** THE TASK **
Return every line of the records below verbatim, with no pictures in the copy.

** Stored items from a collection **
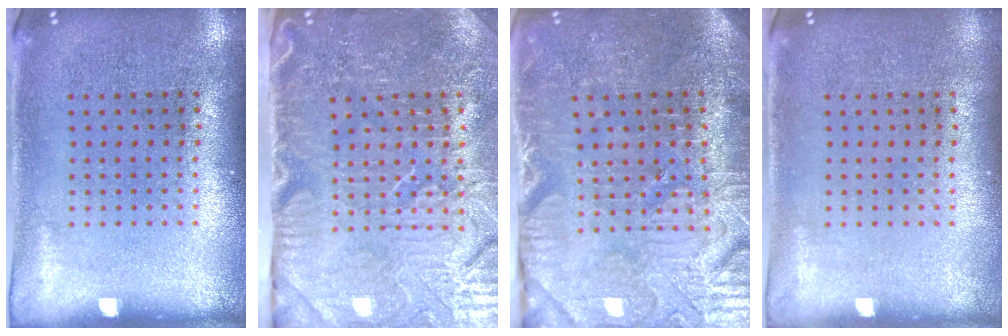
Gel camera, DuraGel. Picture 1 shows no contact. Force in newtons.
{"total": 5.1, "press": 4.5, "slide": 2.5}
{"total": 4.0, "press": 3.9, "slide": 0.8}
{"total": 0.0}
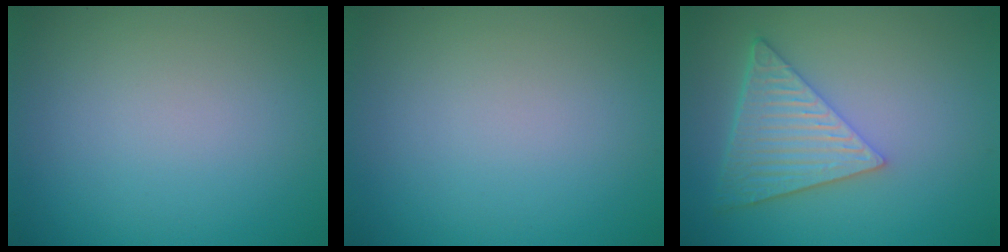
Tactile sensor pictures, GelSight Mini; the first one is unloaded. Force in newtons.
{"total": 0.0}
{"total": 6.1, "press": 4.5, "slide": 4.2}
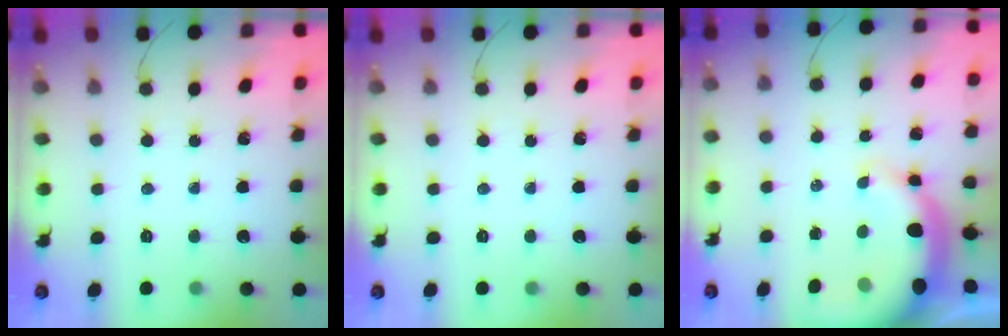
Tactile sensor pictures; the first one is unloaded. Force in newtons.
{"total": 0.0}
{"total": 10.6, "press": 10.3, "slide": 2.3}
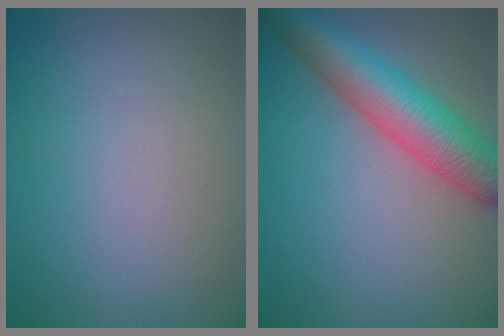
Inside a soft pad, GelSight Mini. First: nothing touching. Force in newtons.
{"total": 7.5, "press": 7.5, "slide": 0.3}
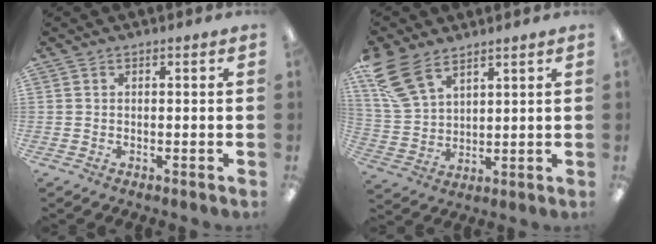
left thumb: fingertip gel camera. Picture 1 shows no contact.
{"total": 12.4, "force": [8.5, 6.0, 6.7], "torque": [-0.162, -0.026, 0.164]}
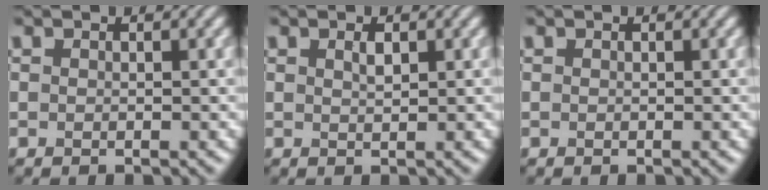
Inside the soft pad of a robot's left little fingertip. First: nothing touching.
{"total": 1.0, "force": [0.5, 0.3, 0.8], "torque": [-0.017, 0.001, 0.011]}
{"total": 0.0}
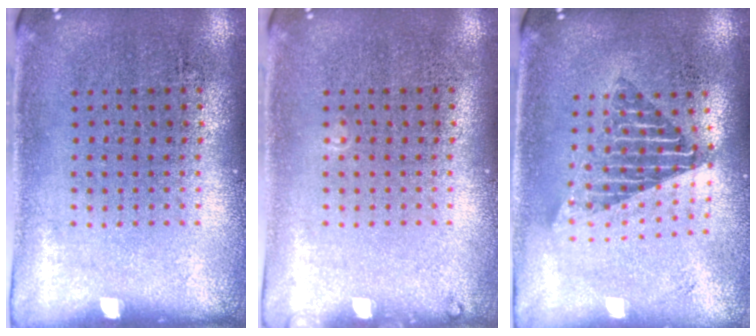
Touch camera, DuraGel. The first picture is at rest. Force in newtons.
{"total": 0.5, "press": 0.5, "slide": 0.2}
{"total": 1.7, "press": 1.4, "slide": 1.0}
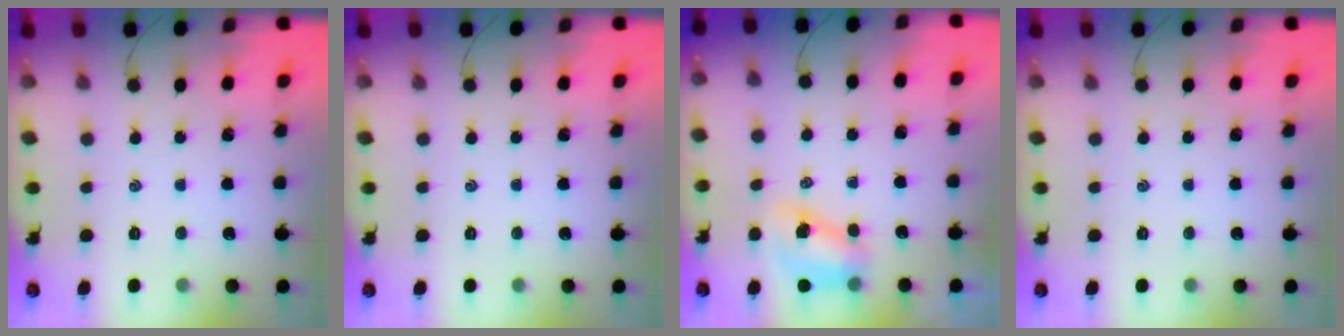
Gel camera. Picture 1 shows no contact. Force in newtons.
{"total": 0.0}
{"total": 8.3, "press": 8.2, "slide": 1.1}
{"total": 0.0}
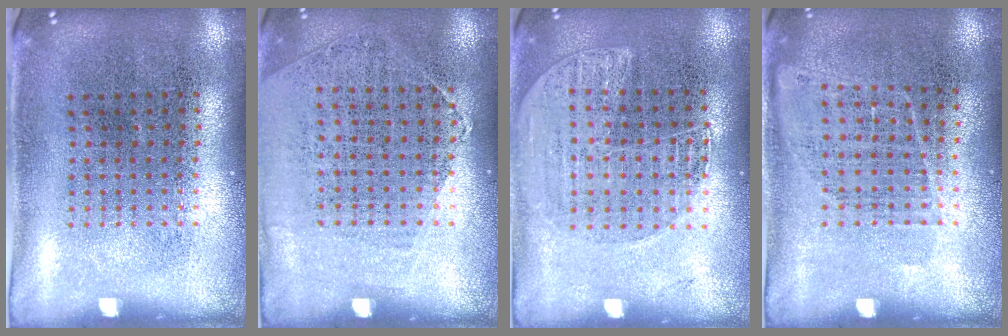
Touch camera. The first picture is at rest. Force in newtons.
{"total": 1.2, "press": 0.9, "slide": 0.7}
{"total": 1.3, "press": 1.3, "slide": 0.1}
{"total": 0.9, "press": 0.8, "slide": 0.5}
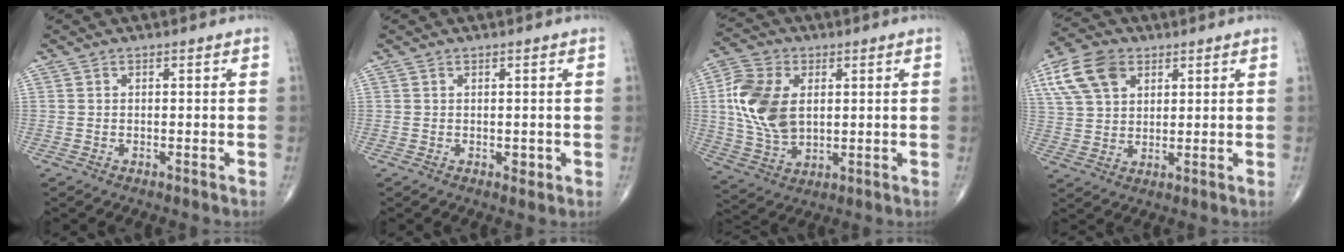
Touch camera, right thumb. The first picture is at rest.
{"total": 1.0, "force": [0.0, 0.7, 0.8], "torque": [-0.005, -0.001, 0.002]}
{"total": 13.6, "force": [2.1, 8.9, 10.1], "torque": [-0.198, -0.007, 0.041]}
{"total": 10.9, "force": [4.8, 7.1, 6.6], "torque": [-0.119, -0.002, 0.093]}
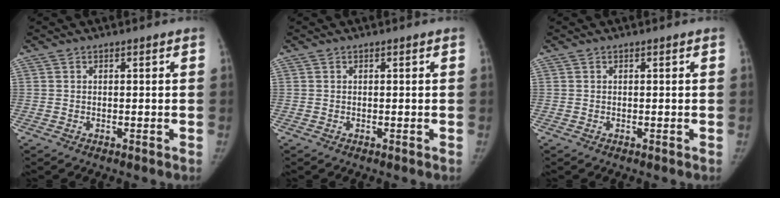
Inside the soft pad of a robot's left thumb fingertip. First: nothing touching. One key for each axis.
{"total": 0.0}
{"total": 0.0}
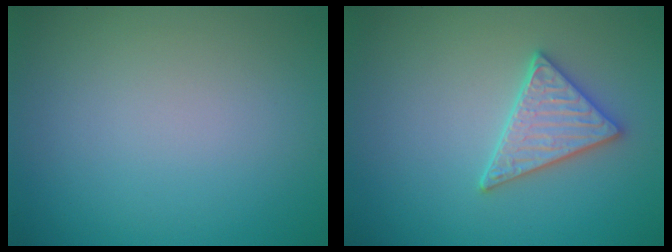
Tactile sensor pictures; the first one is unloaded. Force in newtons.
{"total": 3.0, "press": 2.9, "slide": 0.7}
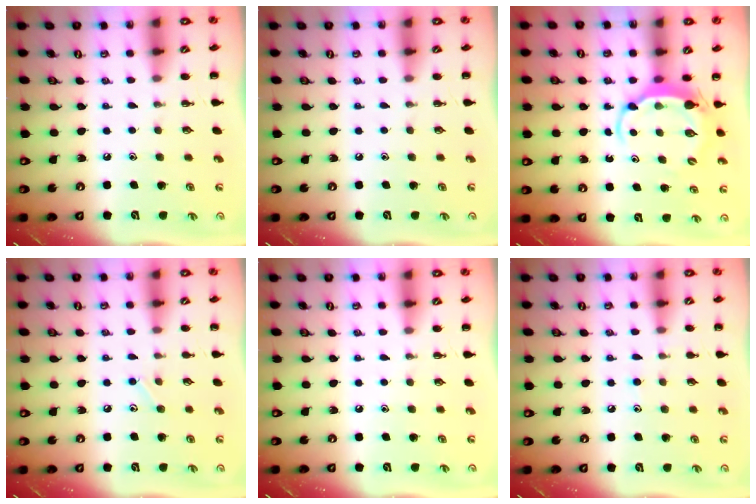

** SOLUTION TO THE EXERCISE **
Gel camera, DuraGel. Picture 1 shows no contact. Force in newtons.
{"total": 5.1, "press": 4.5, "slide": 2.5}
{"total": 4.0, "press": 3.9, "slide": 0.8}
{"total": 0.0}
Tactile sensor pictures, GelSight Mini; the first one is unloaded. Force in newtons.
{"total": 0.0}
{"total": 6.1, "press": 4.5, "slide": 4.2}
Tactile sensor pictures; the first one is unloaded. Force in newtons.
{"total": 0.0}
{"total": 10.6, "press": 10.3, "slide": 2.3}
Inside a soft pad, GelSight Mini. First: nothing touching. Force in newtons.
{"total": 7.5, "press": 7.5, "slide": 0.3}
left thumb: fingertip gel camera. Picture 1 shows no contact.
{"total": 12.4, "force": [8.5, 6.0, 6.7], "torque": [-0.162, -0.026, 0.164]}
Inside the soft pad of a robot's left little fingertip. First: nothing touching.
{"total": 1.0, "force": [0.5, 0.3, 0.8], "torque": [-0.017, 0.001, 0.011]}
{"total": 0.0}
Touch camera, DuraGel. The first picture is at rest. Force in newtons.
{"total": 0.5, "press": 0.5, "slide": 0.2}
{"total": 1.7, "press": 1.4, "slide": 1.0}
Gel camera. Picture 1 shows no contact. Force in newtons.
{"total": 0.0}
{"total": 8.3, "press": 8.2, "slide": 1.1}
{"total": 0.0}
Touch camera. The first picture is at rest. Force in newtons.
{"total": 1.2, "press": 0.9, "slide": 0.7}
{"total": 1.3, "press": 1.3, "slide": 0.1}
{"total": 0.9, "press": 0.8, "slide": 0.5}
Touch camera, right thumb. The first picture is at rest.
{"total": 1.0, "force": [0.0, 0.7, 0.8], "torque": [-0.005, -0.001, 0.002]}
{"total": 13.6, "force": [2.1, 8.9, 10.1], "torque": [-0.198, -0.007, 0.041]}
{"total": 10.9, "force": [4.8, 7.1, 6.6], "torque": [-0.119, -0.002, 0.093]}
Inside the soft pad of a robot's left thumb fingertip. First: nothing touching. One key for each axis.
{"total": 0.0}
{"total": 0.0}
Tactile sensor pictures; the first one is unloaded. Force in newtons.
{"total": 3.0, "press": 2.9, "slide": 0.7}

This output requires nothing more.